18 апреля ей было так плохо, что судьи решили не мешкая попытаться получить от неё отречение. Кошон с несколькими своими сотрудниками явился в тюрьму. «Мы ей сказали, что эти магистры пришли к ней, движимые милосердием, чтобы посетить её при её болезни… Мы ей предложили выбрать кого-либо из учёных и просвещённых людей, кто мог бы соответствующим образом её наставлять… Мы добавили, что мы – люди церковные, что мы готовы содействовать спасению её души и тела… Если же она будет противиться, полагаясь на своё собственное чувство и на свою неопытную голову мы будем вынуждены от неё отказаться: пусть же она подумает об опасности, которая для неё от этого проистечёт; а мы стремимся её от этого избавить всеми нашими силами и всей нашей любовью».

– Очень вам благодарна за то, что вы мне говорите для моего спасения[29]. Но мне так плохо, что, мне кажется, я могу умереть. И если Богу будет угодно совершить надо мной Свою волю, я вас прошу разрешить мне исповедаться и принять моего Спасителя – и прошу вас похоронить меня в освящённой земле.

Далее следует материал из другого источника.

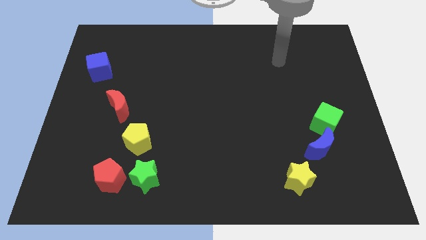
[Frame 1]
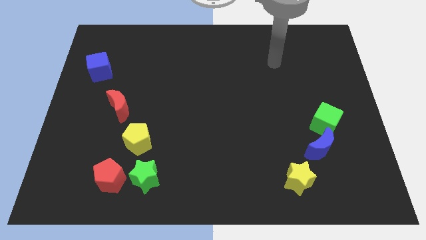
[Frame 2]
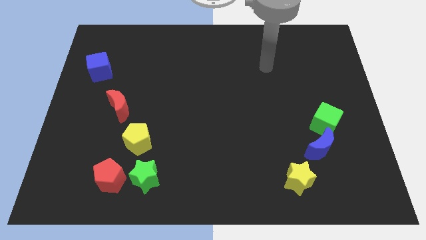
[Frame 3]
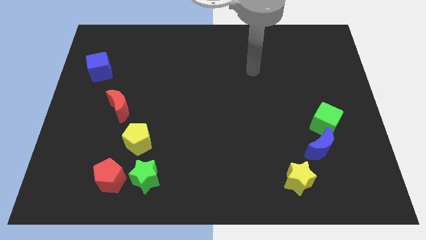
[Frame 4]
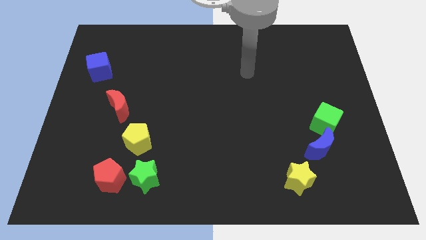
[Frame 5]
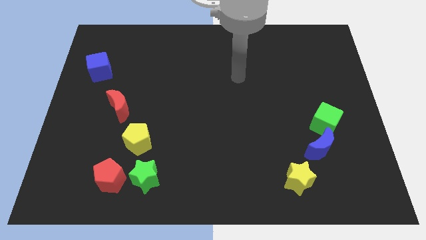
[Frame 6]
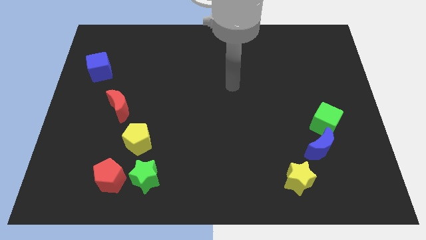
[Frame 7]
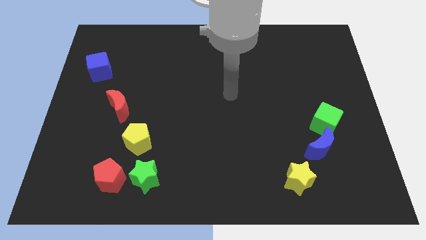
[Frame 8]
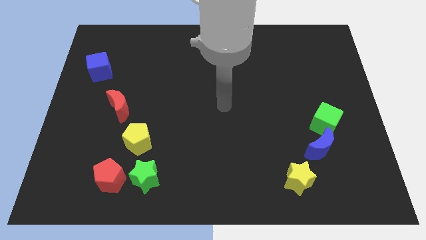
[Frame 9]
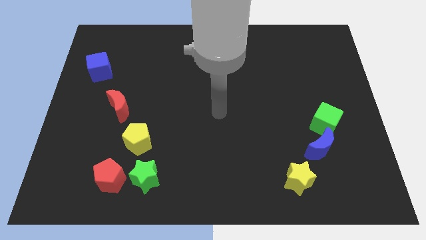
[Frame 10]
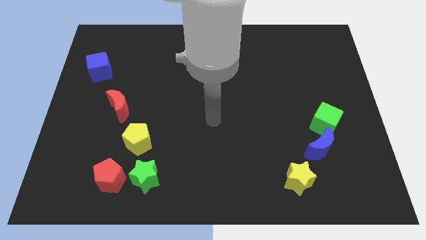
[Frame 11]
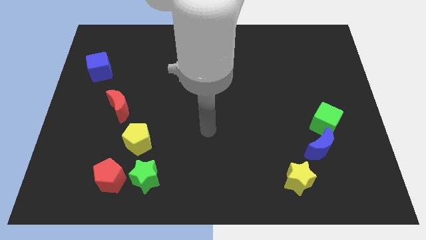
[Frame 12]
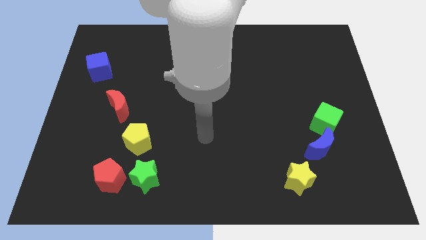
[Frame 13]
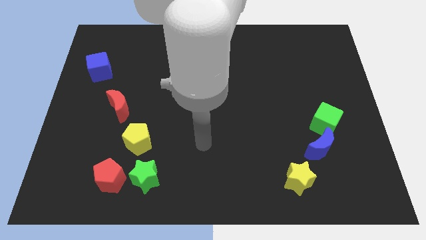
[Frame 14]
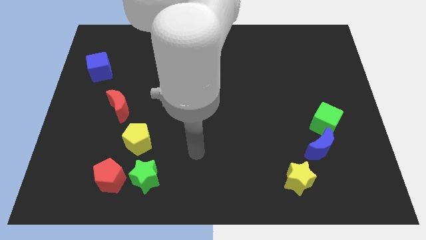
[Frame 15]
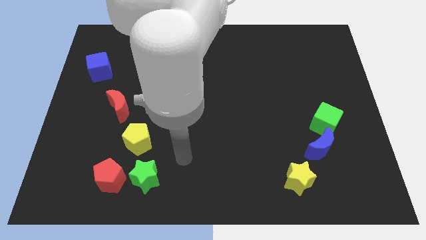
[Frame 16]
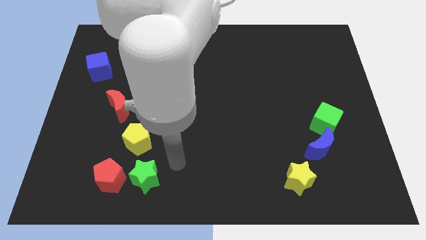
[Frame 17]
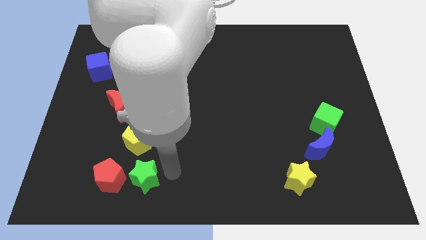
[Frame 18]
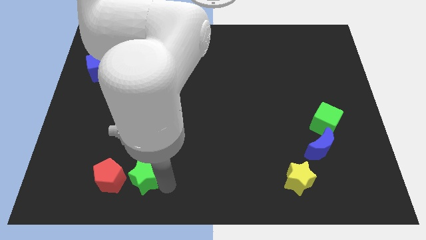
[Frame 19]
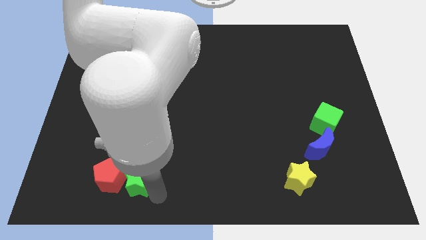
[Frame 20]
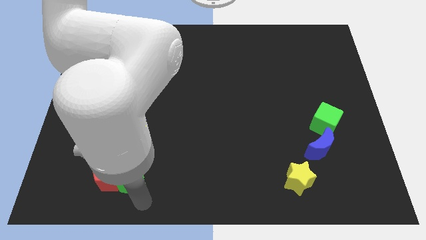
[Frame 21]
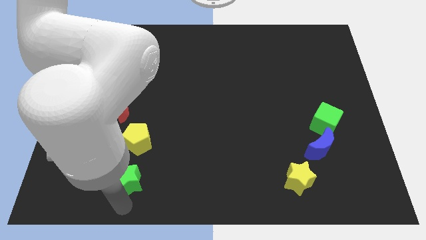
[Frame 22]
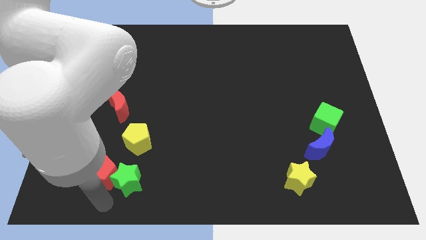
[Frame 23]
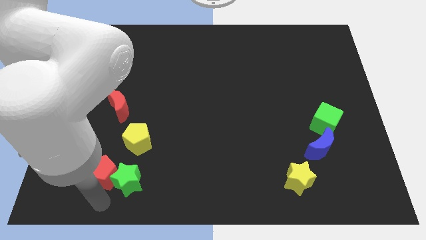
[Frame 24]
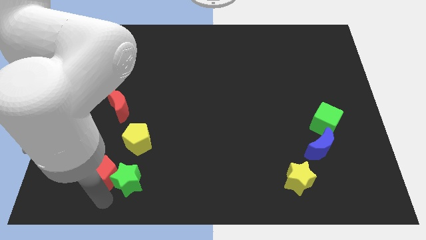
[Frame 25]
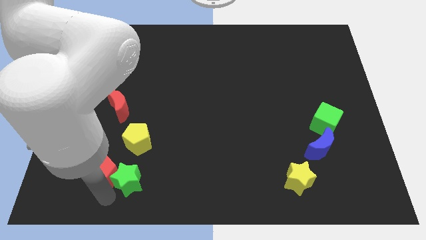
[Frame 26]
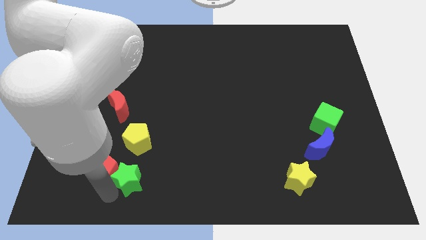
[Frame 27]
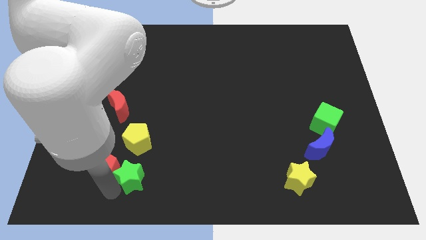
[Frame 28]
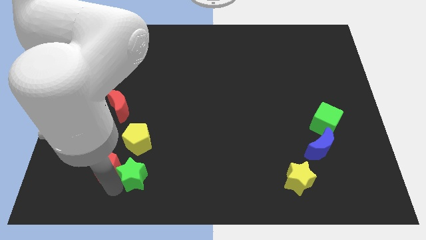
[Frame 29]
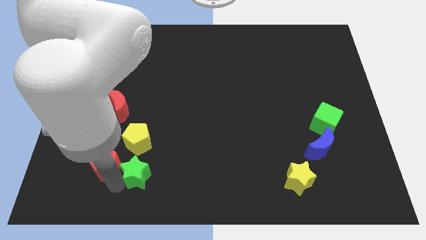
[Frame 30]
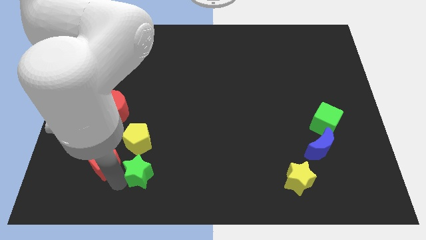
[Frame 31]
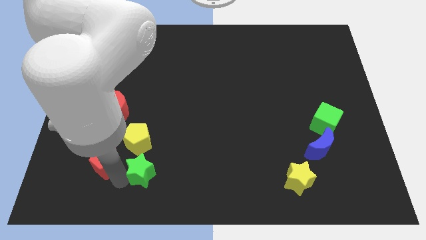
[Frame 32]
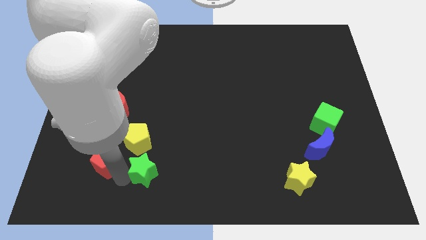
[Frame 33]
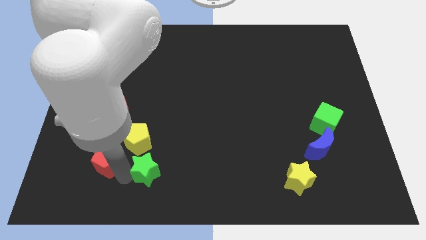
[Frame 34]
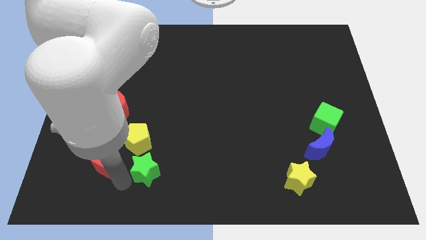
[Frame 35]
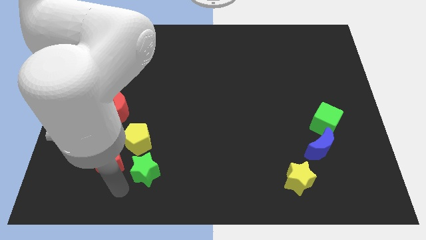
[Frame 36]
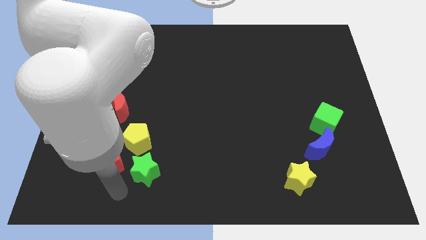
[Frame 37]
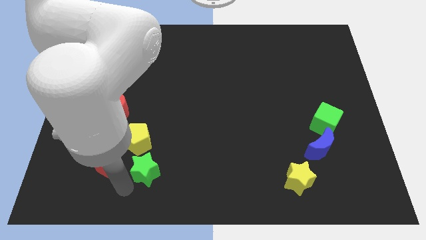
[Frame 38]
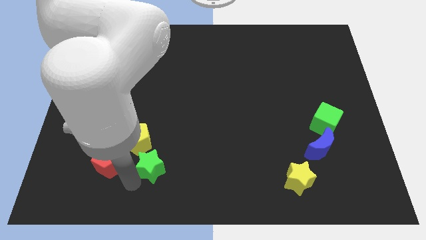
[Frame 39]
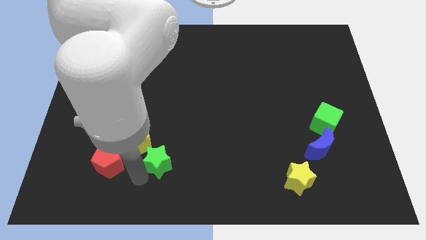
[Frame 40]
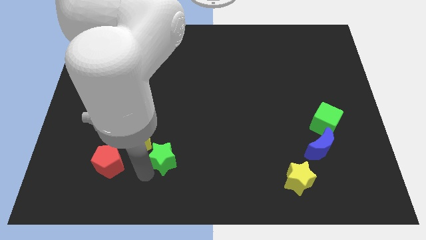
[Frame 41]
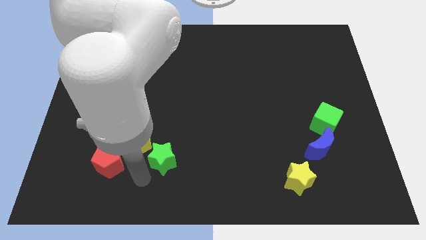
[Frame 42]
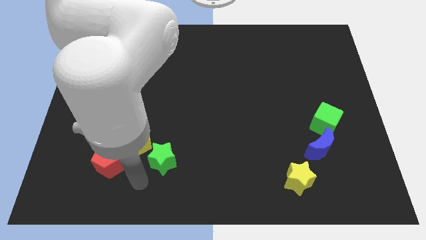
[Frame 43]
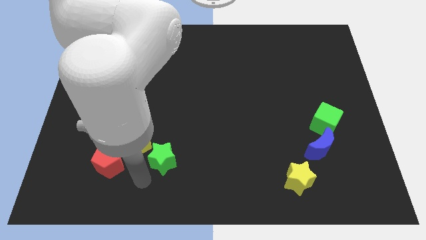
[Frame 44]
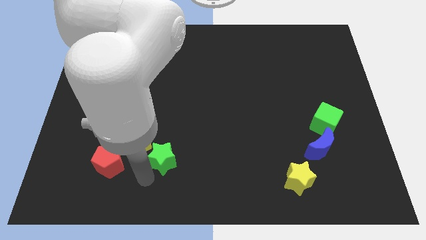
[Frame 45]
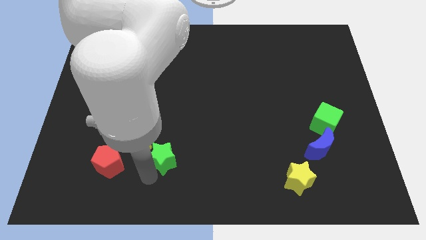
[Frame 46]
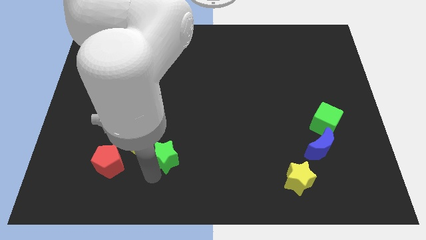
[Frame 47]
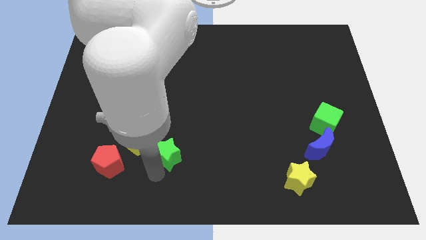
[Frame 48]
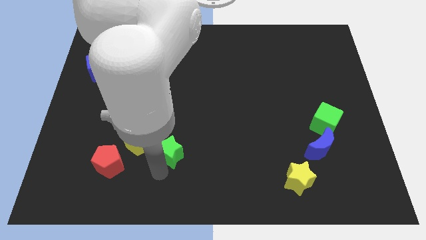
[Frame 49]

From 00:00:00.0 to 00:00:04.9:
slightly slide the green star diagonally up and right

Очевидно, ей уже говорили, что если она умрёт обвинённой в ереси, её прах выкинут неизвестно куда. Кошон ей теперь это подтвердил: чтобы претендовать на права, какие имеют члены Церкви, она должна подчиниться церковному трибуналу.

Она ответила:

– Ничего другого я вам сейчас сказать не могу.

Они ей заметили, что чем больше она боится за свою жизнь, тем скорее ей следовало бы подумать о христианском погребении.

– Если тело умрёт в тюрьме, я надеюсь, что вы его похороните в освящённой земле. А если вы этого не сделаете, я надеюсь на Господа.